Exit Criteria: Non-founders consistently hitting quota using your documented process
Stage 6: Can We Build a Mini Sales Team?
Your Focus: Systemizing a revenue pod without founder involvement
Org Structure: SDR → AE → AE → Customer Success Manager (repeated pods)
Key Activities:
- Hire and onboard in cohorts
- Refine the collective sales motion
- Identify and fix bottlenecks across the entire funnel
- Consider adding sales operations support
Your Role: You're now building the machine, not running it. Focus on optimization, not execution.
Actionable Next Steps
If You're Pre-Product:
- Schedule 100+ customer interviews this quarter. Use Michael Sippy's framework from "Get in the Van"
- Build a Customer Advisory Panel. Capture the best prospects for later beta testing
- Document pain points and willingness to pay. Create a simple Airtable or spreadsheet
If You Have an MVP:
- Define your key business metric. What KPI does your product improve? Time saved? Revenue increased? Cost reduced?
- Instrument measurement. Build tracking into your product to prove impact
- Beta with your advisory panel. Give them goals and measure results
- Build your ROI case. Calculate the dollar value of the improvement you're creating
If You Have Paying Customers (Less Than 10):
- Document your current sales process. Write down every email template, objection handler, and pitch deck
- Set a goal of 30-50 sales conversations. This is your iteration phase
- Track conversion metrics. First meeting → second meeting → close. Understand your funnel
- Consider hiring your first SDR or CS person. Free yourself to focus on the constraint
- Start pricing experimentation. Don't be afraid to test 2-3x increases
If You're Ready to Hire Sales Reps:
- Align seller background with your sales motion:
- Selling to restaurants? Hire from Yelp, Grubhub, DoorDash
- Technical product? Hire former consultants or technical people
- Complex enterprise sale? Look for early-stage startup sellers, not enterprise giants
- Avoid the enterprise seller trap. Don't hire expensive Salesforce veterans for your early-stage startup
- Set realistic quotas based on YOUR data. Use your own selling performance to calculate what's achievable
- Start with simple comp plans. Base salary + 20% commission on bookings after they cover their costs
- Hire in pairs, not alone. You need at least two people to prove repeatability vs. finding a unicorn
Pricing Guidance:
- Start simple. Index off the market leader in your space
- Start low if needed. One founder started at $99/month and scaled to $8K/year as confidence grew
- Use pricing as a tool. It's easier to change pricing than build new features
- Prove willingness to pay first. Get to profitability later
The Bottom Line
Sales done right isn't about "always be closing" or charismatic pitching—it's about being a business consultant with a preference for one solution (yours). It requires analytical thinking, process orientation, and metrics discipline.
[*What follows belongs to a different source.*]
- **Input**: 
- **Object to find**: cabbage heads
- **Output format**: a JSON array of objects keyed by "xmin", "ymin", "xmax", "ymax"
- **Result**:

The most important insight: Modern sales is product development for your go-to-market. You're building a repeatable program that will eventually run in multiple containers (salespeople). Just like you wouldn't hire an engineer to architect your product before proving it yourself, you shouldn't hire sales before proving your motion.
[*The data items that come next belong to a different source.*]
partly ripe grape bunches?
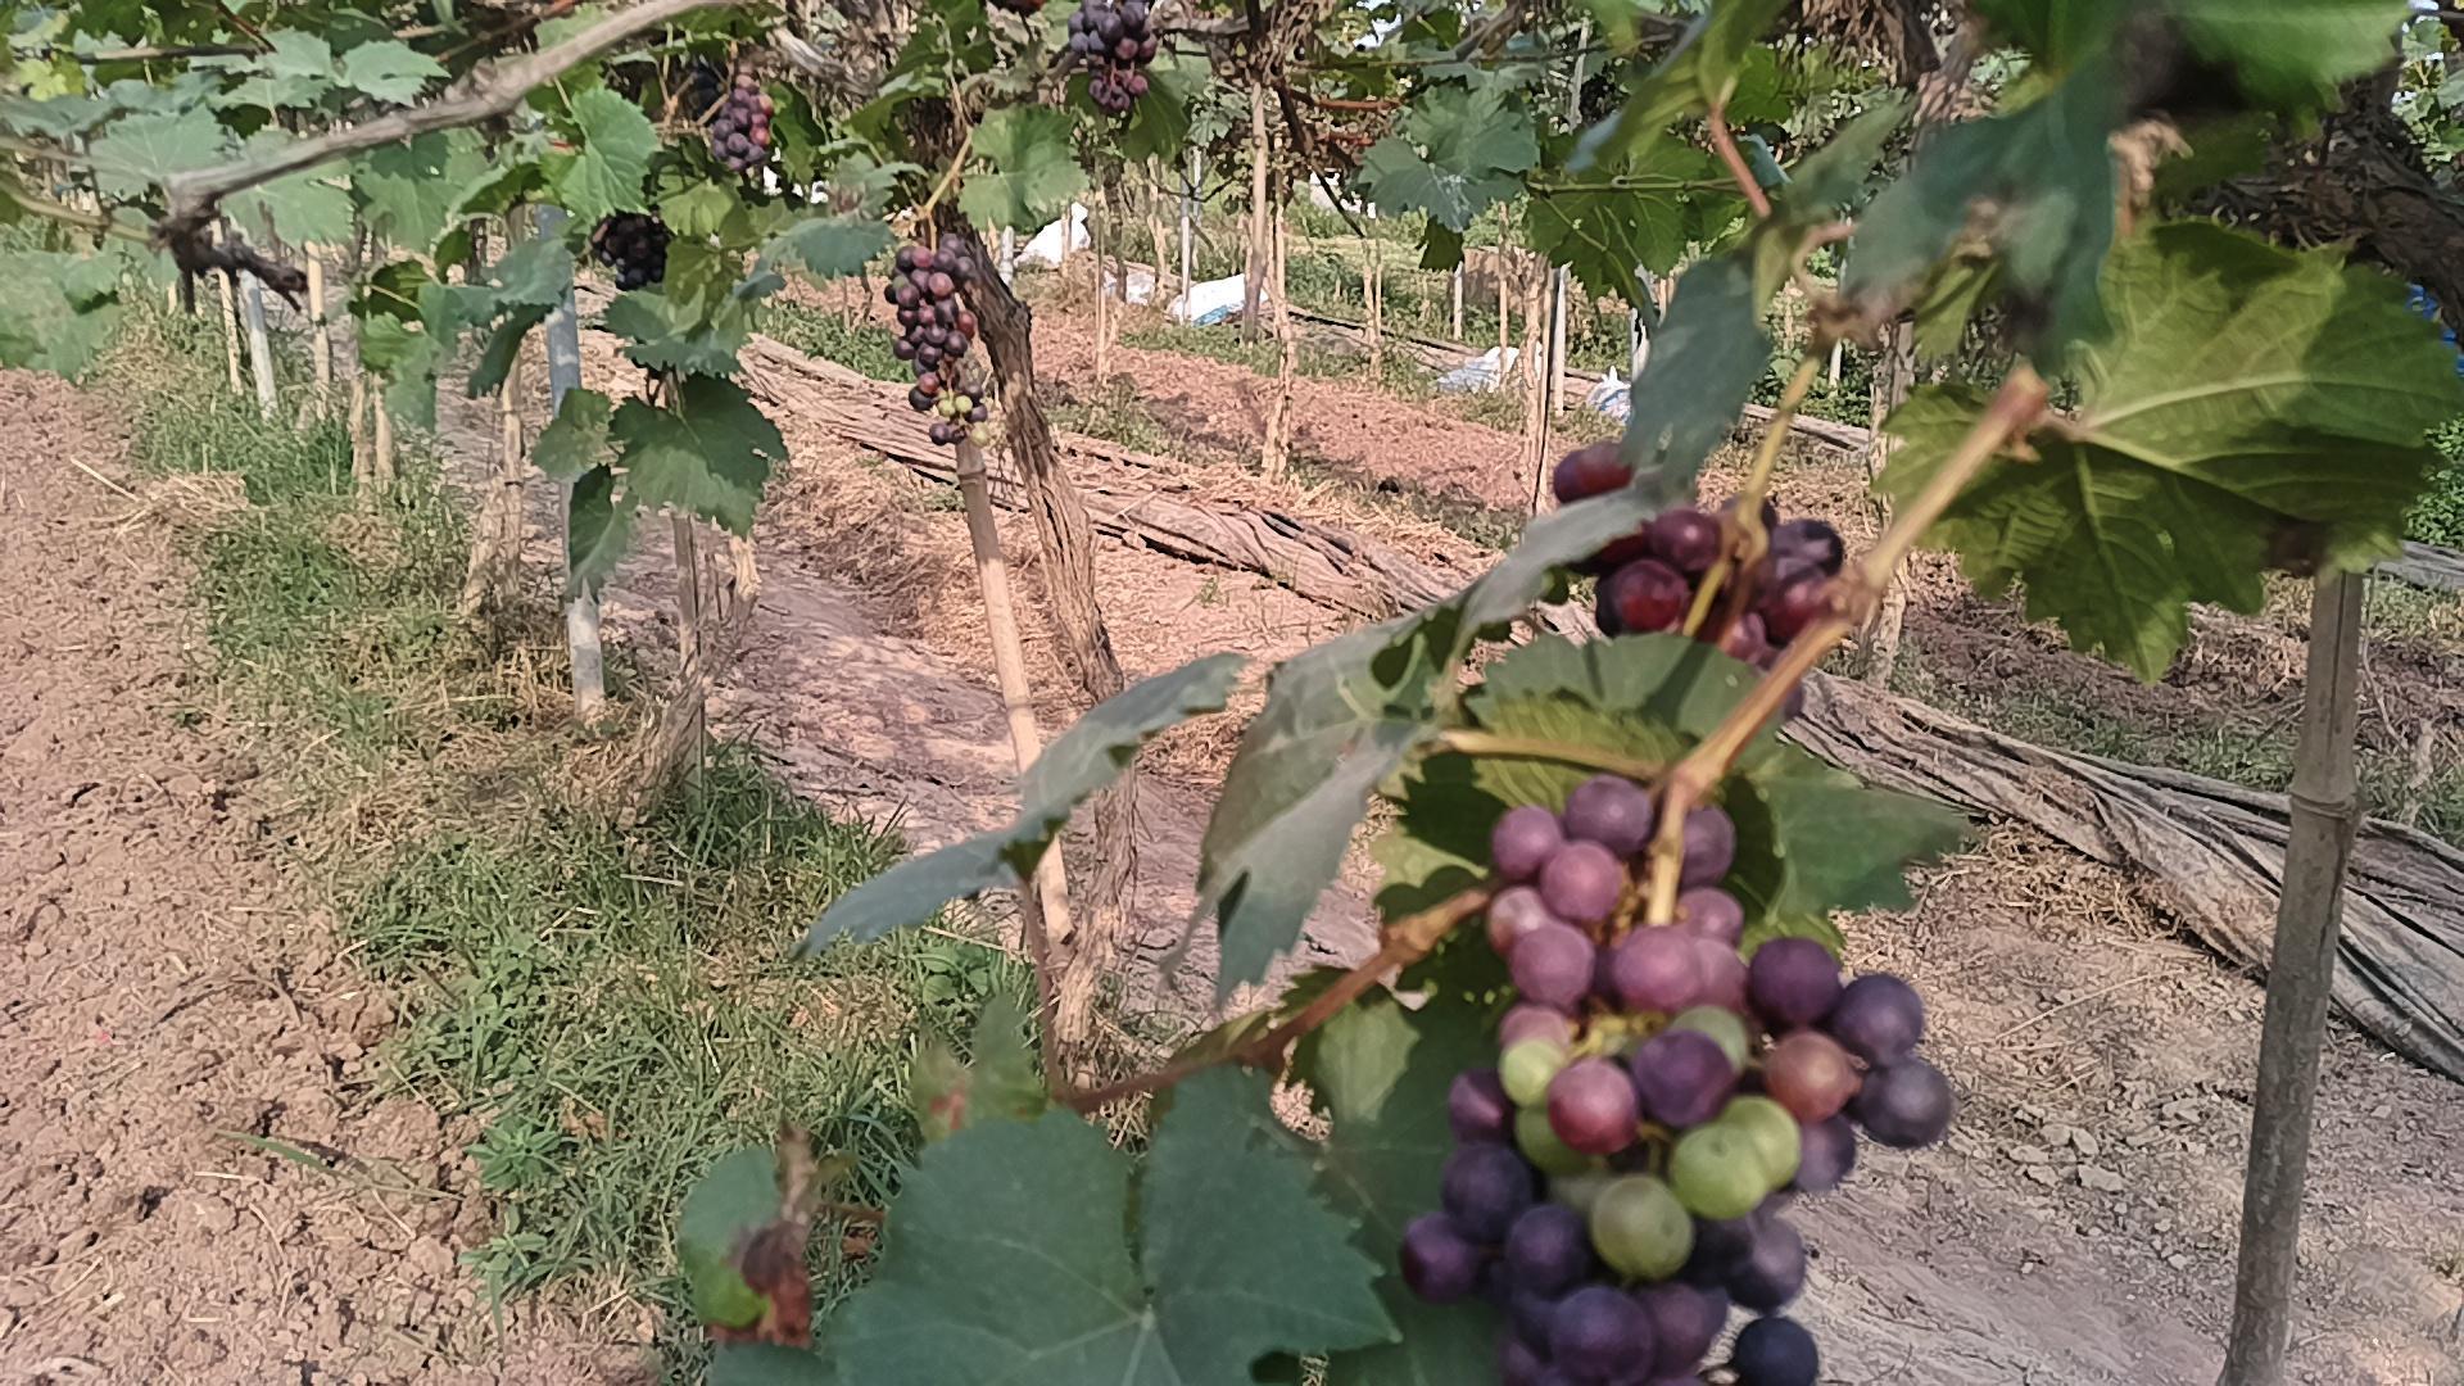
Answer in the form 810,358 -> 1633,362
1555,441 -> 1849,724
1399,775 -> 1956,1383
886,234 -> 989,444
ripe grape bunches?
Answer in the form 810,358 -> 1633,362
595,210 -> 675,382
1070,0 -> 1156,117
692,32 -> 774,171

Your investors will measure you on revenue. Your employees need paychecks. Your product needs validation. None of that happens without a repeatable, scalable sales motion—and nobody can build that first version except you.
Additional Resources
- Founding Sales (foundingsales.com) - Free, comprehensive guide covering everything from customer development to scaling sales teams
- "Get in the Van" by Michael Sippy - Customer development framework
- The Lean Startup - Product-market fit validation
- Jason Lemkin's early-stage sales comp models - Referenced throughout Founding Sales
This post is based on a presentation by Pete Kazanjy, founder of Atrium, author of Founding Sales, and leader of the 15,000-person Modern Sales community. His experience scaling from first sales rep to VP of Sales at TalentBin (acquired by Monster) informs this framework.